Information shown =
------------------------

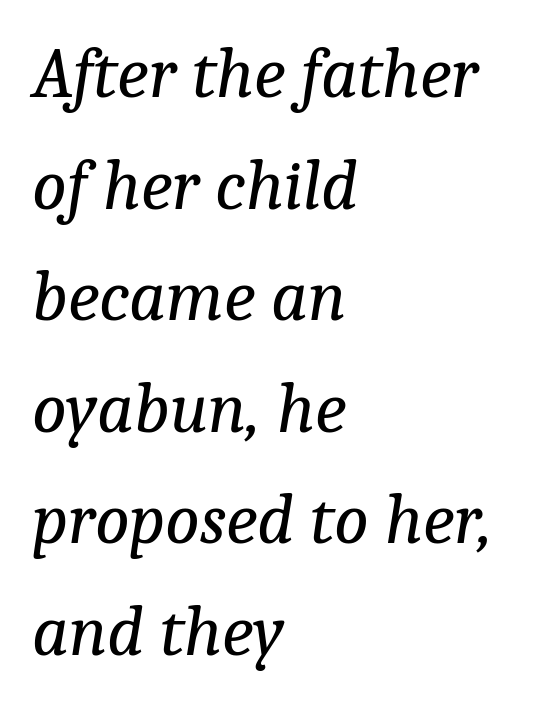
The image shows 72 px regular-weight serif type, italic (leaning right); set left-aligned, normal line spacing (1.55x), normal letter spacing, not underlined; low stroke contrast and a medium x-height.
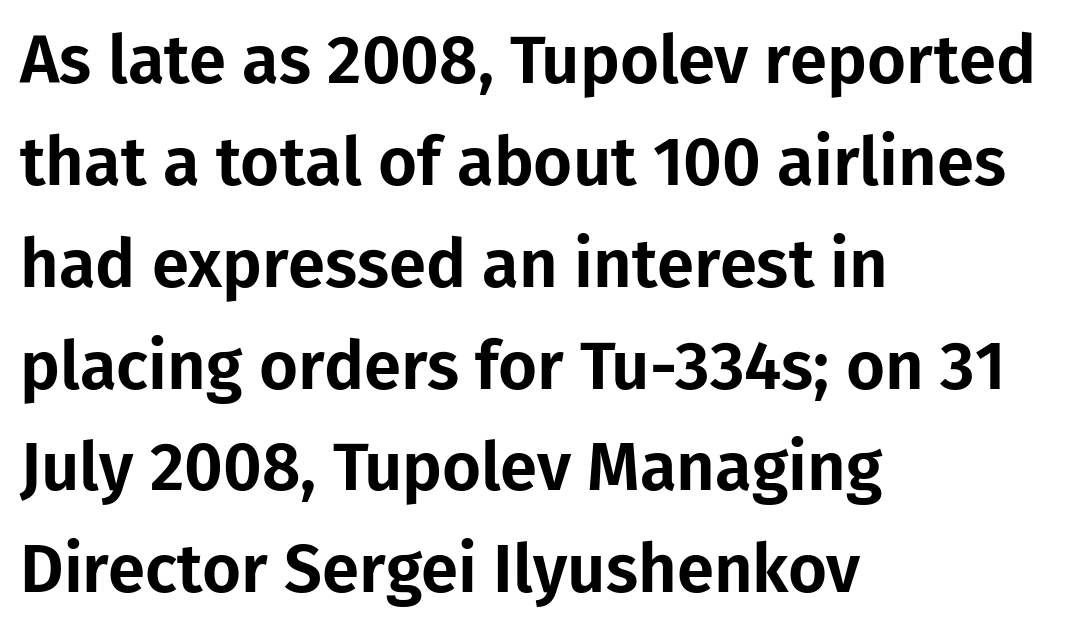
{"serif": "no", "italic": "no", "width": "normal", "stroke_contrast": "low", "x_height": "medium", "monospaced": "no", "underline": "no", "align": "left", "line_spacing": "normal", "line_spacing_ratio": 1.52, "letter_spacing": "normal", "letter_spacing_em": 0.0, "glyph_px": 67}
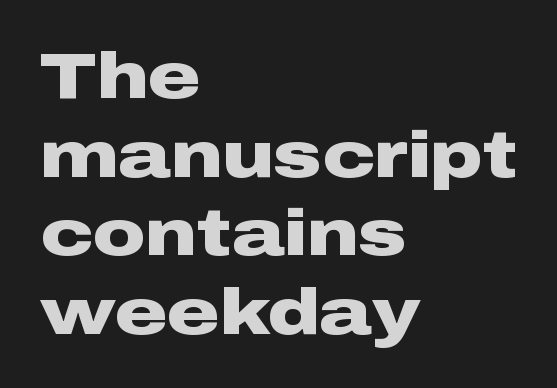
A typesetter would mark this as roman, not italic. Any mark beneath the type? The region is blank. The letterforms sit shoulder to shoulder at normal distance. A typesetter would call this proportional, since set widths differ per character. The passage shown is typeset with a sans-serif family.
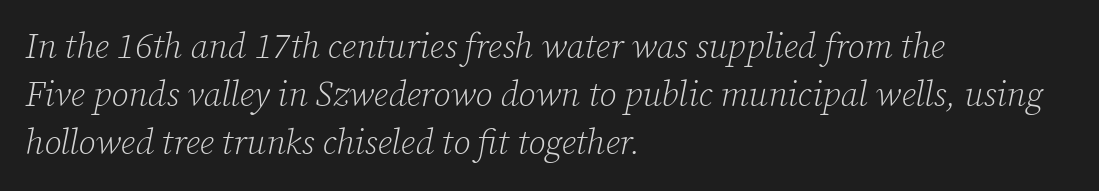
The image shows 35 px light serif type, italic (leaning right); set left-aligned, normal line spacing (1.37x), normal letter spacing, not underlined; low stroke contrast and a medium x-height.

------------------------

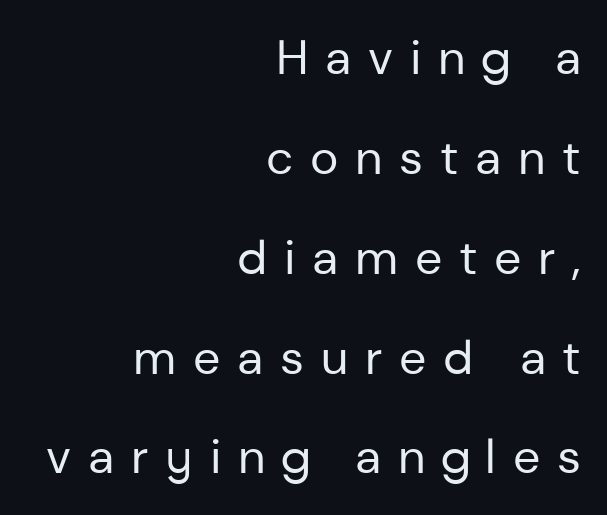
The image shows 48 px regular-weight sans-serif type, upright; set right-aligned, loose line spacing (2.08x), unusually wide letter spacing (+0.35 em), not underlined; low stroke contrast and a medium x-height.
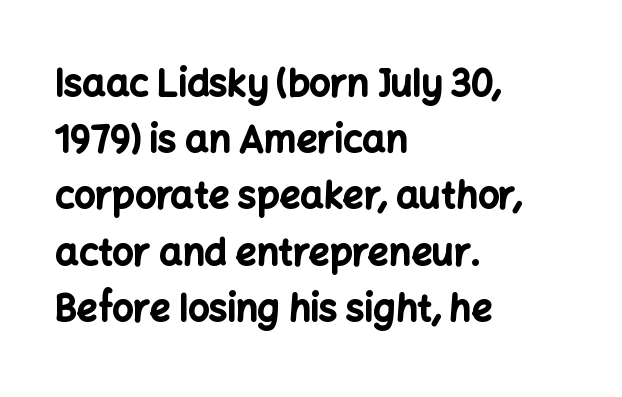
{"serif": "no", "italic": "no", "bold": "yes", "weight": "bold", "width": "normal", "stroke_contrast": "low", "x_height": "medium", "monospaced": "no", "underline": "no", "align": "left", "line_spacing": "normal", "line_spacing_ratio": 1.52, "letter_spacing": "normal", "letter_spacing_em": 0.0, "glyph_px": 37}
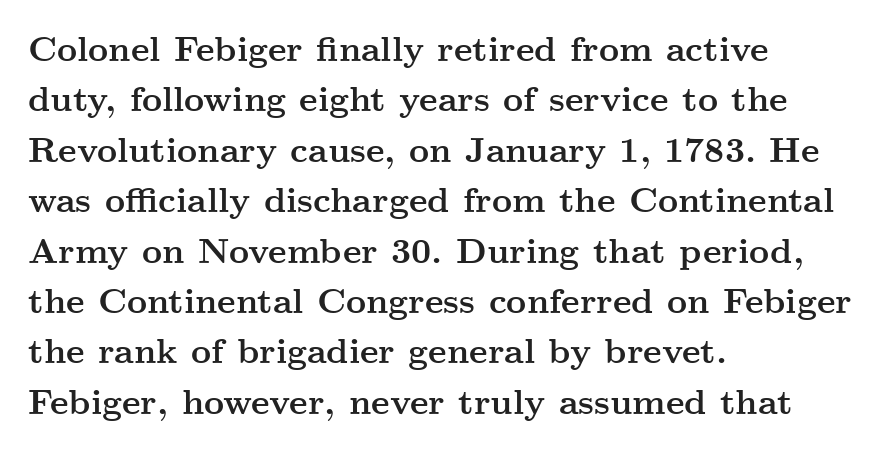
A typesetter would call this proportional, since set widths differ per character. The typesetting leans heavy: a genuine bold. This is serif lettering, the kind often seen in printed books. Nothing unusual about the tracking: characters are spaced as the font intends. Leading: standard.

------------------------

Instructions to follow = Among the lines of the data above, find those with the word "leaning" and show them.

Expected output =
The image shows 72 px regular-weight serif type, italic (leaning right); set left-aligned, normal line spacing (1.55x), normal letter spacing, not underlined; low stroke contrast and a medium x-height.
The image shows 35 px light serif type, italic (leaning right); set left-aligned, normal line spacing (1.37x), normal letter spacing, not underlined; low stroke contrast and a medium x-height.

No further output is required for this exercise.